Exampe: function as a returned value

  • rexp: generate values from an Exponential distribution \(f(x;\lambda)=\begin{cases} \lambda e^{-\lambda x} & x\ge 0 \\ 0 & x<0. \end{cases}\).

  • notice that a function is returned

x = rexp(100, rate = 4)

llExp = function(DATA) { #log-likelyhood
   n = length(DATA)
   sumx = sum(DATA)
   return(function(mu) {n * log(mu) - mu * sumx})
}

myLL = llExp(x)
myLL
function (mu) 
{
    n * log(mu) - mu * sumx
}
<environment: 0x0000024b1764be80>

Function call as an argument

##possible values for mu
y = seq(3,5,by = 0.1)

plot(y, myLL(y), type="l", xlab="mu", ylab="log likelihood") 
# "l"-line; "p"-points(default), "b"-both; "h"-vertical lines
abline(v = y[which.max(myLL(y))], col = "red")
  • MLE occurs at mu=3.7

Order of binding

search()
filter     #stats::filter()->time-series filtering
library(dplyr)
search()
filter # dplyr::filter(): ->row filtering
  • by calling library(dplyr) the package dplyr has been put near the top of the search list. You can call search() before and after the call to library to check this.

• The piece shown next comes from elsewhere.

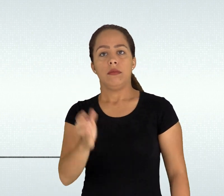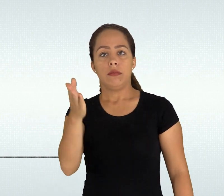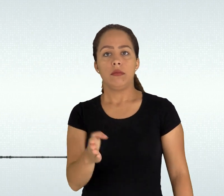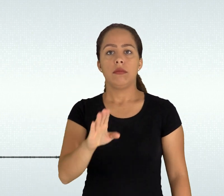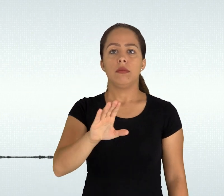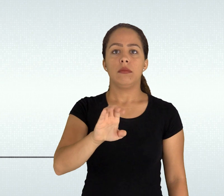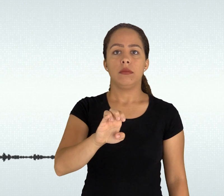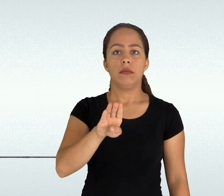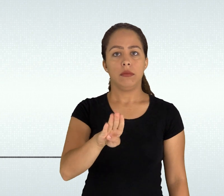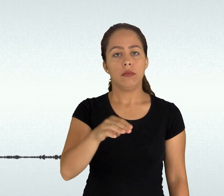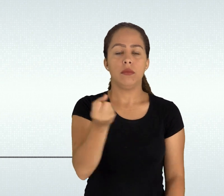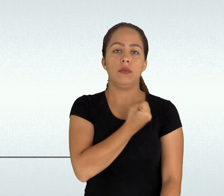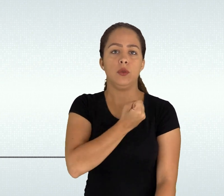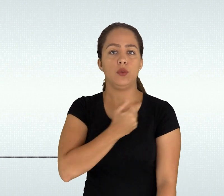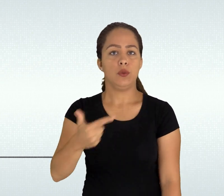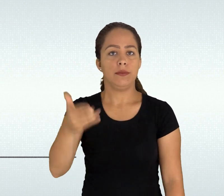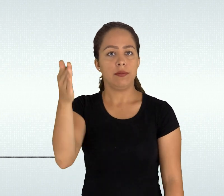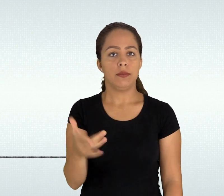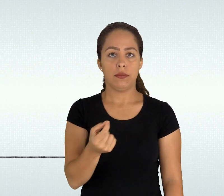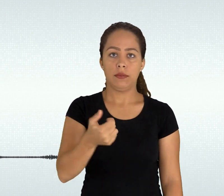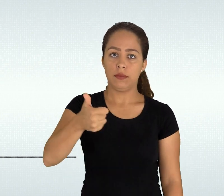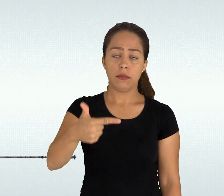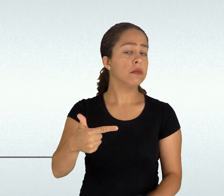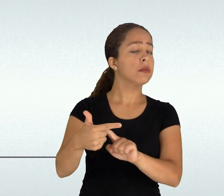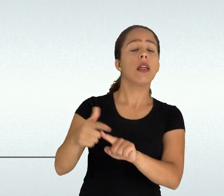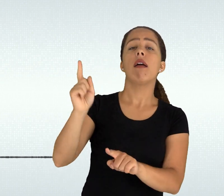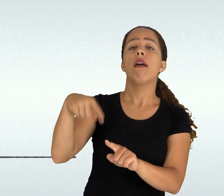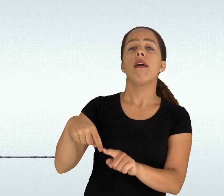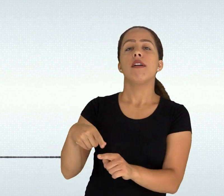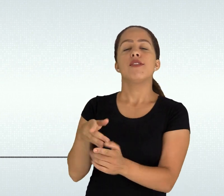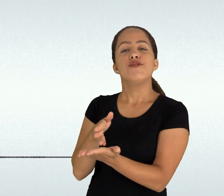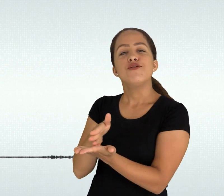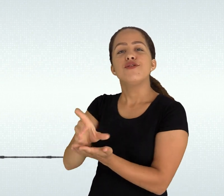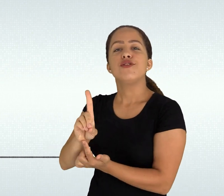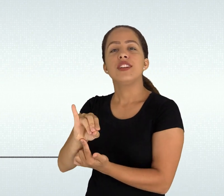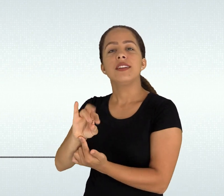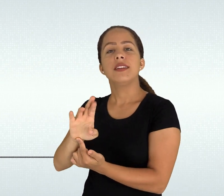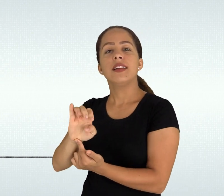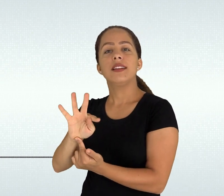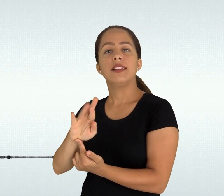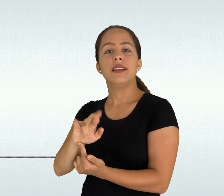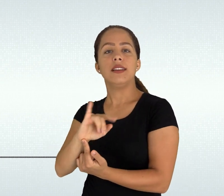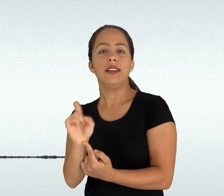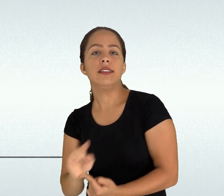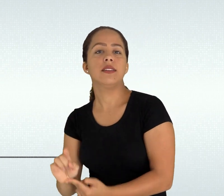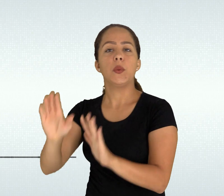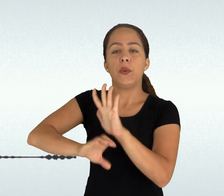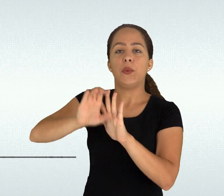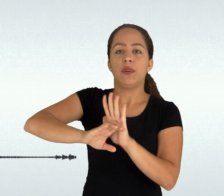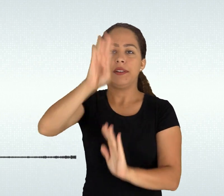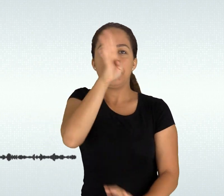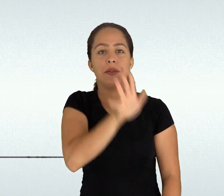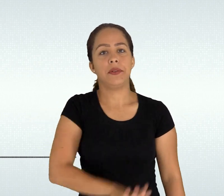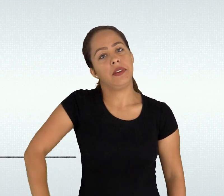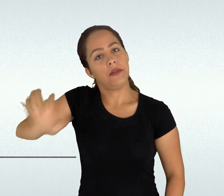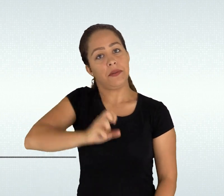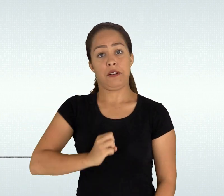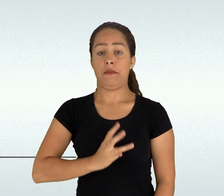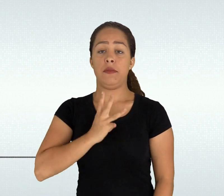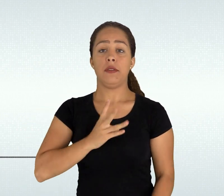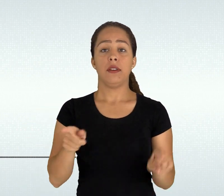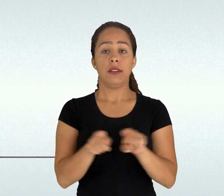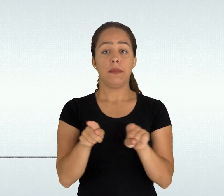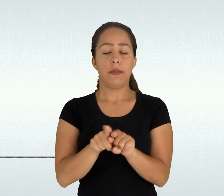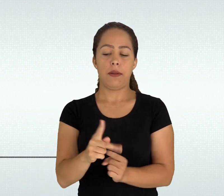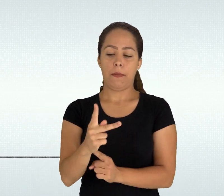no Intercept Brasil cujo link está disponível no texto que acompanha este áudio
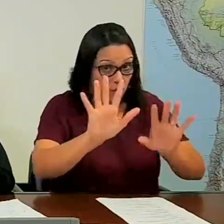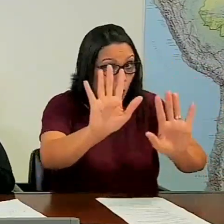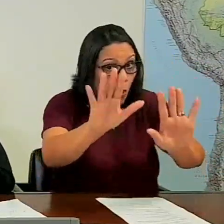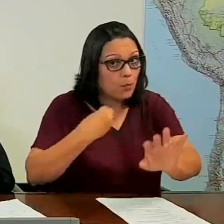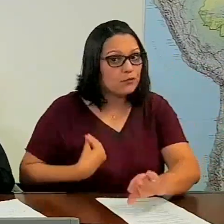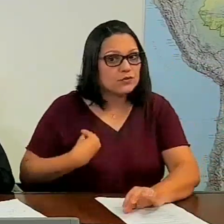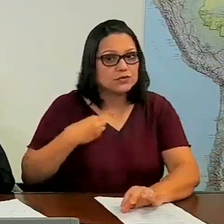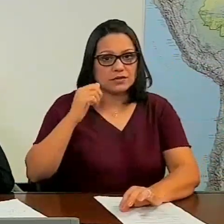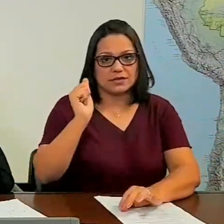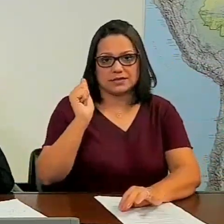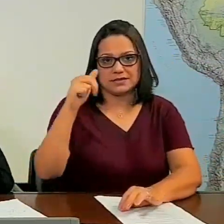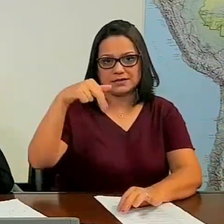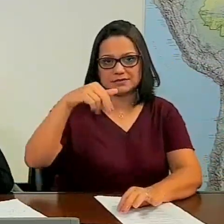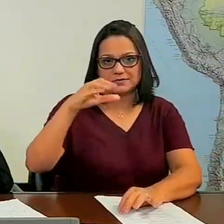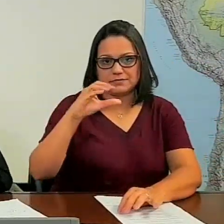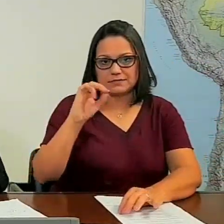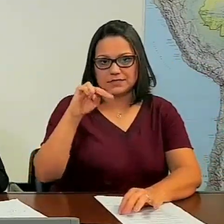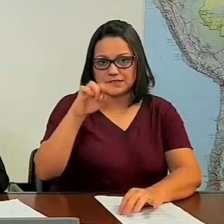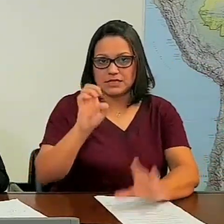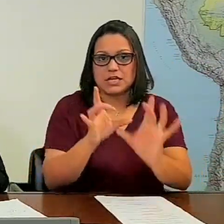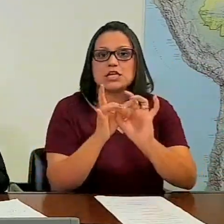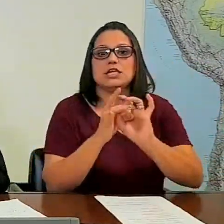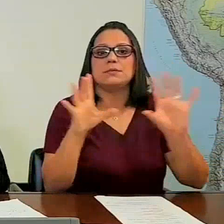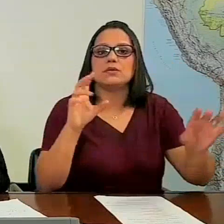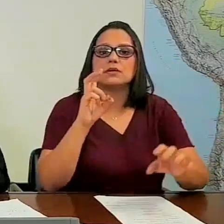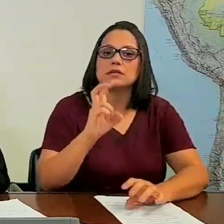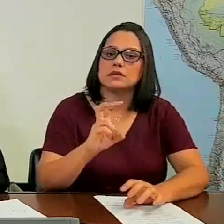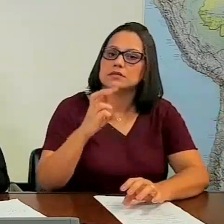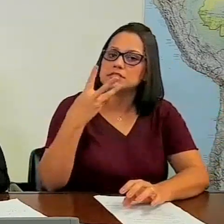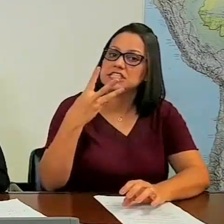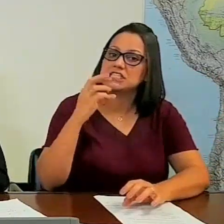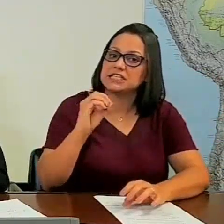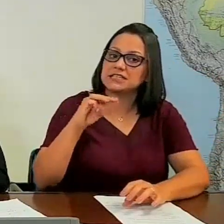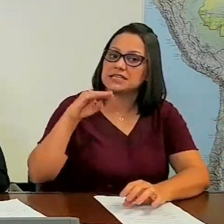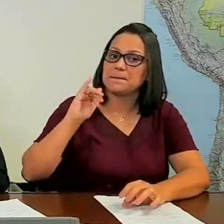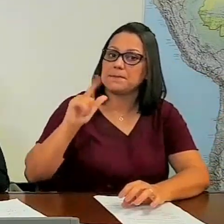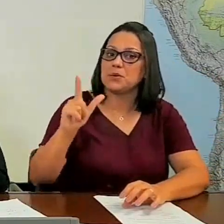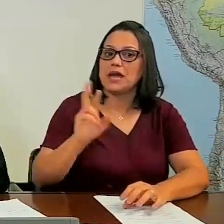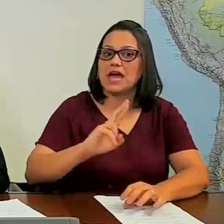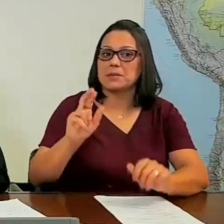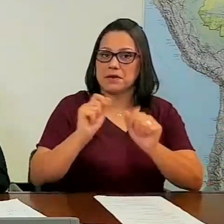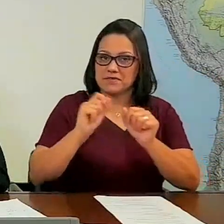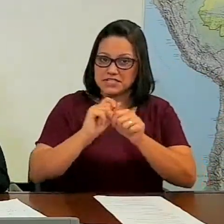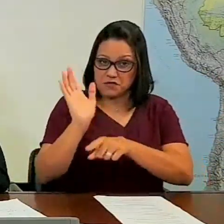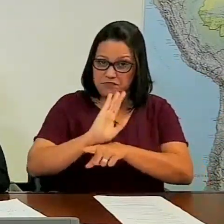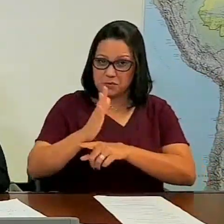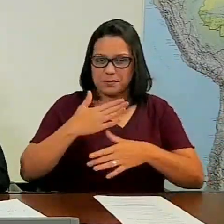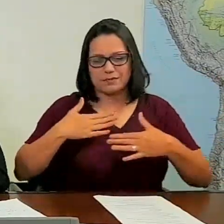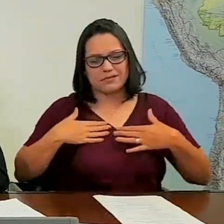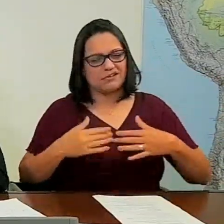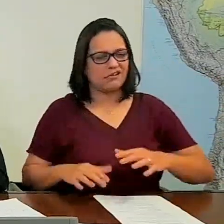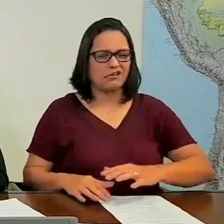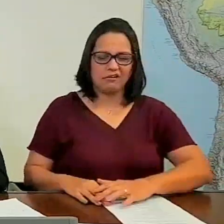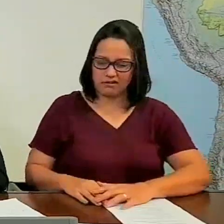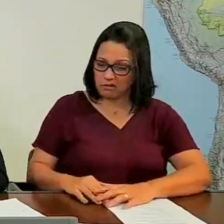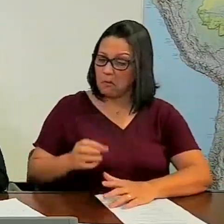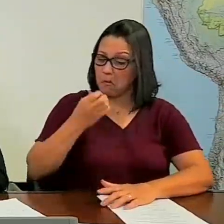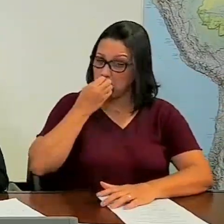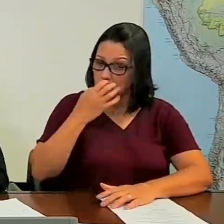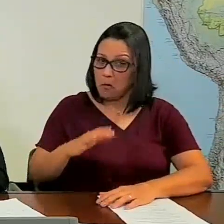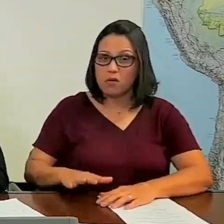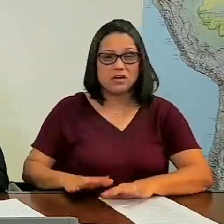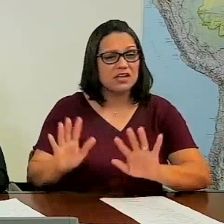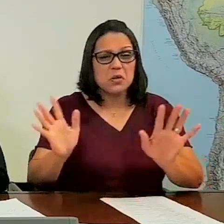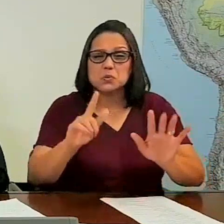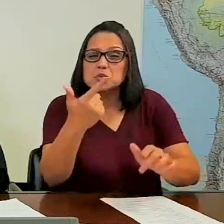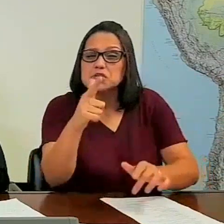funciona a tal Dancini, né, uma liberação de 530 mil reais pra fazer um filme comigo. Fala que os caras são legais, bonzinhos. Eu não

  • users could inadvertently alter computations - and we will want to protect against that

Namespaces

  • To avoid binding conflict, using <pkgname>::<functionname>:
stats::filter
dplyr::filter

Examples

  • Restart your R Console and study this example:
library(dslabs) #attach dsplabs to the search path
exists("murders")  # `murders` exists in `dslabs`
[1] TRUE
murders <- murders # create a copy `murders` in .GlobalEnv
murders2 <- murders # 2nd copy
rm(murders) # removes `murders` from .GlobalEnv
exists("murders") #R finds it in `dslabs`
[1] TRUE
detach("package:dslabs") #remove from the search path
exists("murders") # does not exist on the search path
[1] FALSE
exists("murders2")
[1] TRUE

Object Oriented Programming

  • R uses object oriented programming (OOP).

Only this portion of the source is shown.